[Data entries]

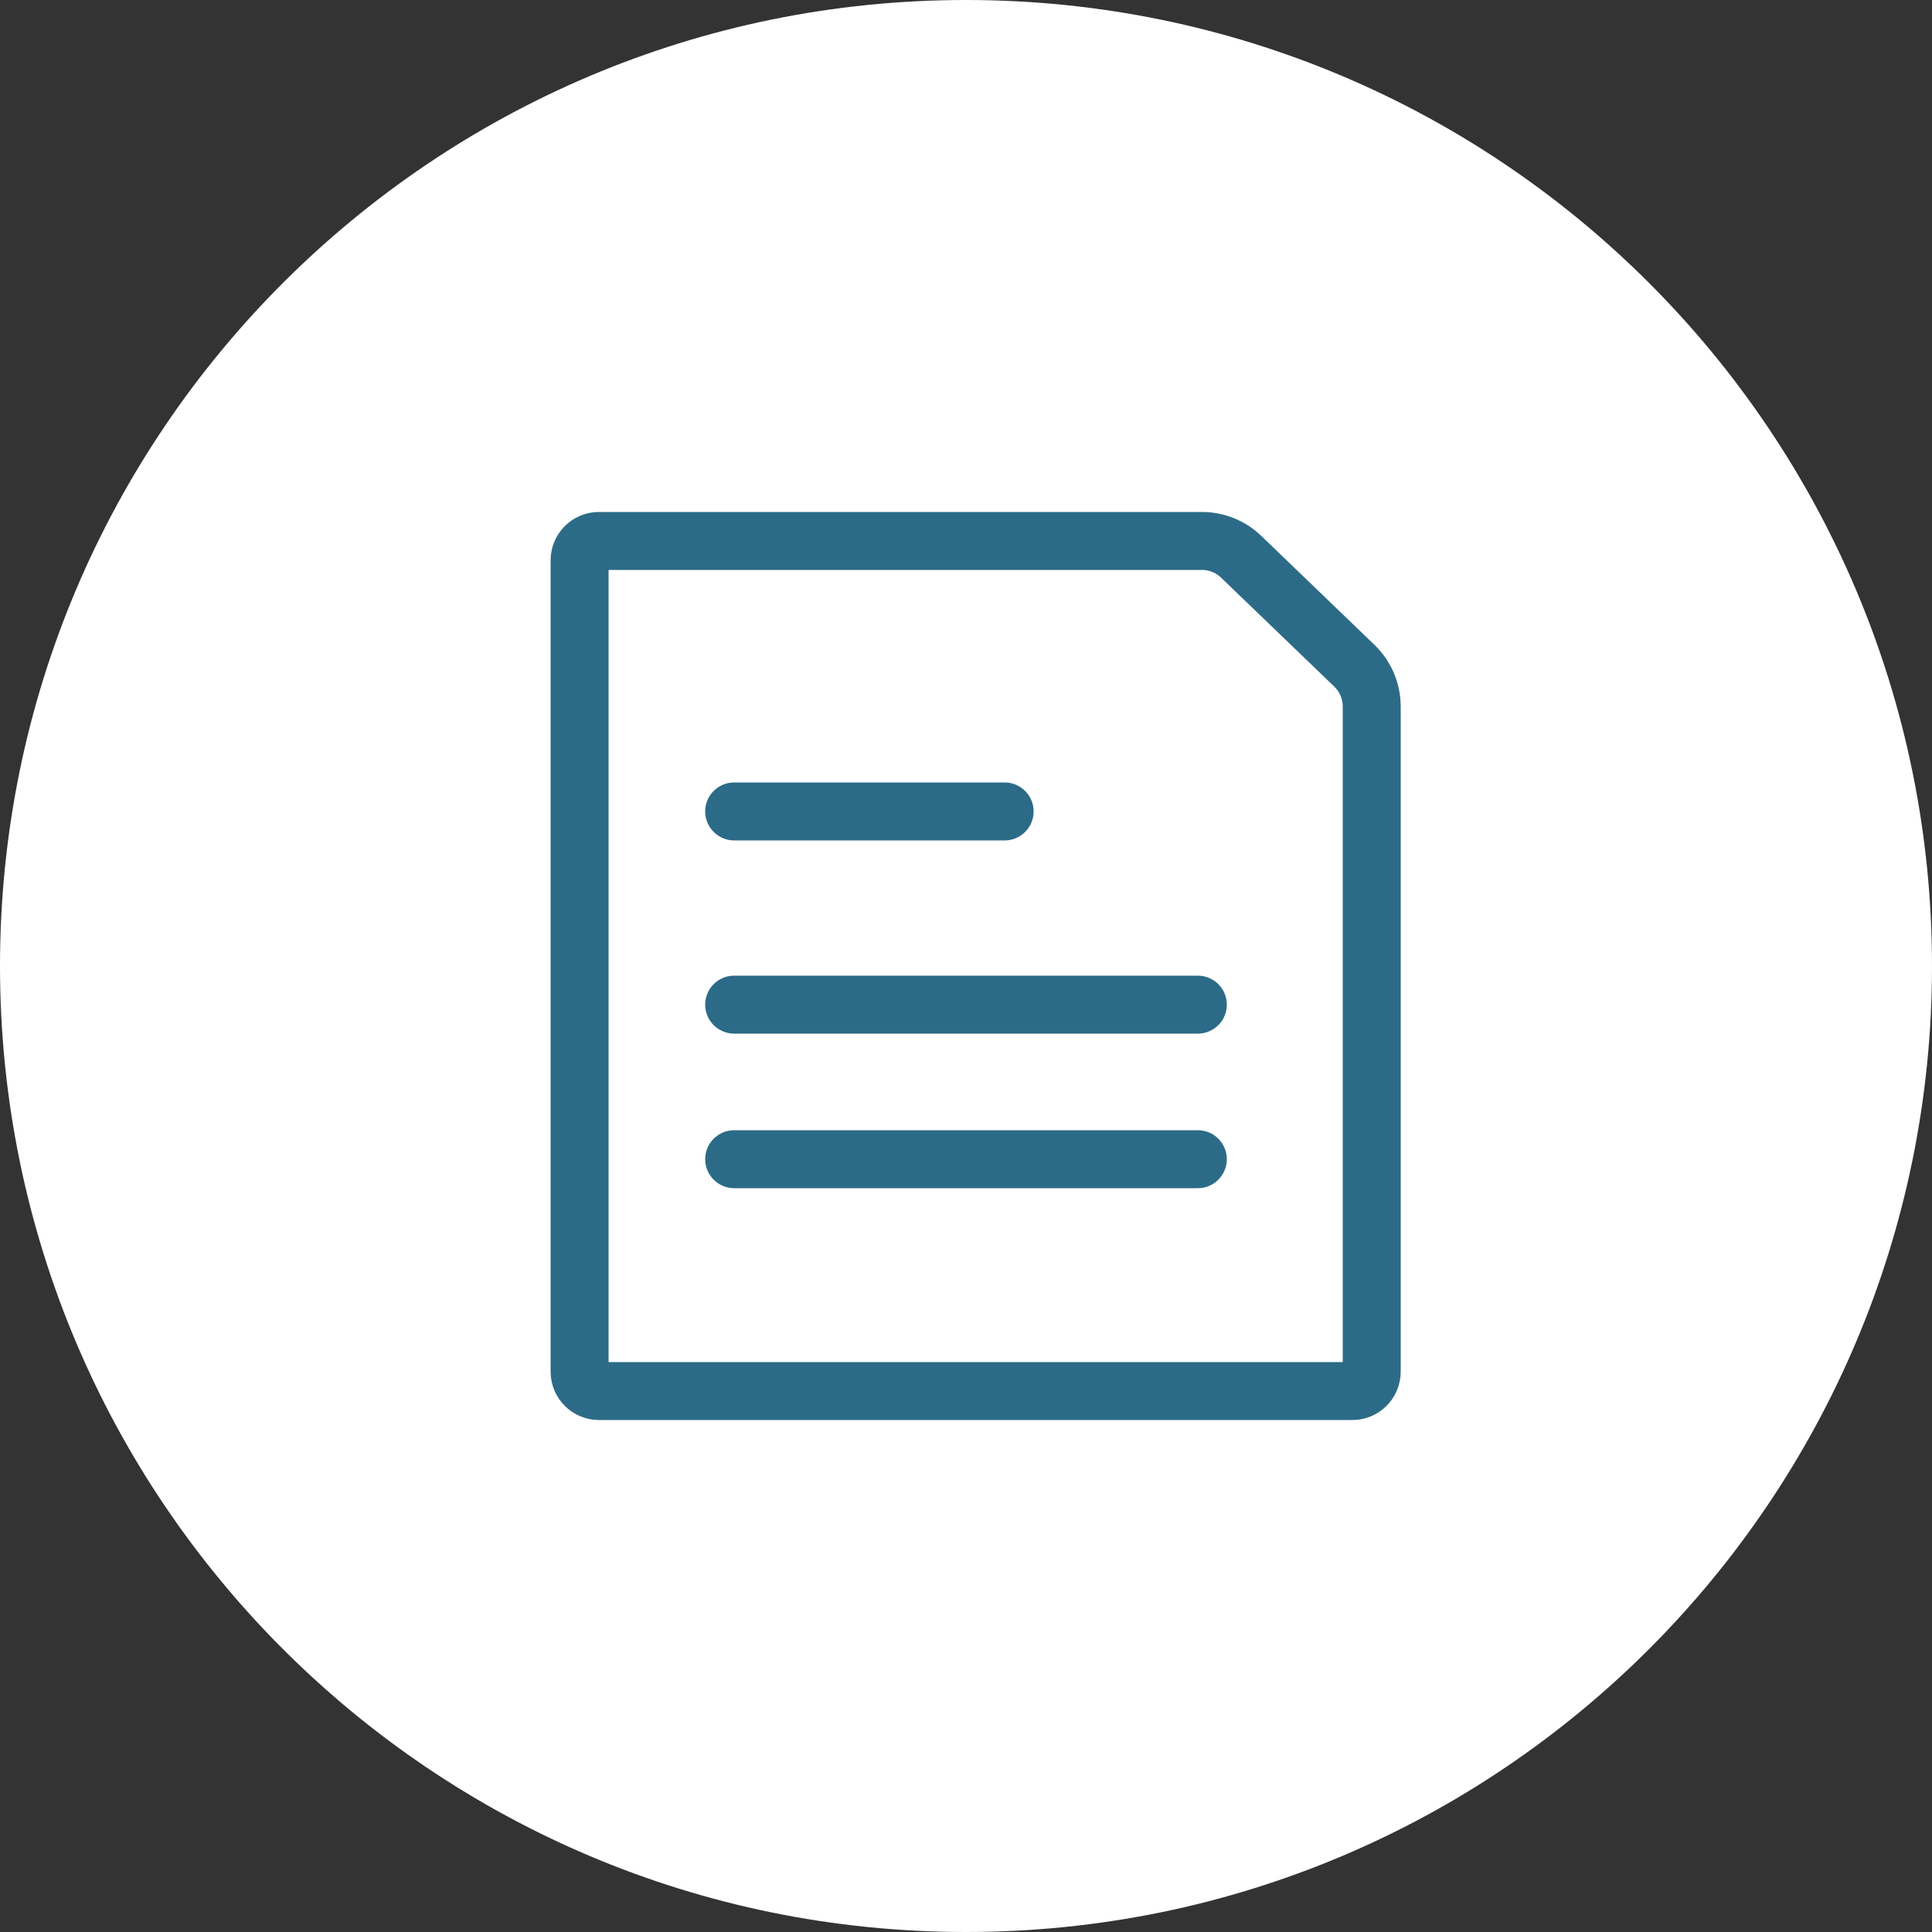 <svg width="100" height="100" viewBox="0 0 100 100" fill="none" xmlns="http://www.w3.org/2000/svg">
<rect x="0" y="0" width="100" height="100" fill="#333333" stroke="none"/>
<g clip-path="url(#clip0_381_4)">
<path d="M100 50C100 22.386 77.614 0 50 0C22.386 0 0 22.386 0 50C0 77.614 22.386 100 50 100C77.614 100 100 77.614 100 50Z" fill="white"/>
<path d="M64.258 28.833C63.712 28.299 62.978 28 62.214 28H31C30.448 28 30 28.448 30 29V71C30 71.552 30.448 72 31 72H70C70.552 72 71 71.552 71 71V36.571C71 36.18 70.922 35.792 70.77 35.431C70.618 35.071 70.395 34.744 70.116 34.471L64.258 28.833Z" stroke="#2C6B87" stroke-width="3" stroke-linecap="round" stroke-linejoin="round"/>
<path d="M38 42H52" stroke="#2C6B87" stroke-width="3" stroke-linecap="round" stroke-linejoin="round"/>
<path d="M38 52H62" stroke="#2C6B87" stroke-width="3" stroke-linecap="round" stroke-linejoin="round"/>
<path d="M38 60H62" stroke="#2C6B87" stroke-width="3" stroke-linecap="round" stroke-linejoin="round"/>
</g>
<defs>
<clipPath id="clip0_381_4">
<rect width="100" height="100" fill="white"/>
</clipPath>
</defs>
</svg>

*TASK STATEMENT*: Please reproduce every entry above exactly, but leave out the pictures.

*RESULT OF THIS TASK*:
 <svg width="100" height="100" viewBox="0 0 100 100" fill="none" xmlns="http://www.w3.org/2000/svg">
<rect x="0" y="0" width="100" height="100" fill="#333333" stroke="none"/>
<g clip-path="url(#clip0_381_4)">
<path d="M100 50C100 22.386 77.614 0 50 0C22.386 0 0 22.386 0 50C0 77.614 22.386 100 50 100C77.614 100 100 77.614 100 50Z" fill="white"/>
<path d="M64.258 28.833C63.712 28.299 62.978 28 62.214 28H31C30.448 28 30 28.448 30 29V71C30 71.552 30.448 72 31 72H70C70.552 72 71 71.552 71 71V36.571C71 36.18 70.922 35.792 70.77 35.431C70.618 35.071 70.395 34.744 70.116 34.471L64.258 28.833Z" stroke="#2C6B87" stroke-width="3" stroke-linecap="round" stroke-linejoin="round"/>
<path d="M38 42H52" stroke="#2C6B87" stroke-width="3" stroke-linecap="round" stroke-linejoin="round"/>
<path d="M38 52H62" stroke="#2C6B87" stroke-width="3" stroke-linecap="round" stroke-linejoin="round"/>
<path d="M38 60H62" stroke="#2C6B87" stroke-width="3" stroke-linecap="round" stroke-linejoin="round"/>
</g>
<defs>
<clipPath id="clip0_381_4">
<rect width="100" height="100" fill="white"/>
</clipPath>
</defs>
</svg>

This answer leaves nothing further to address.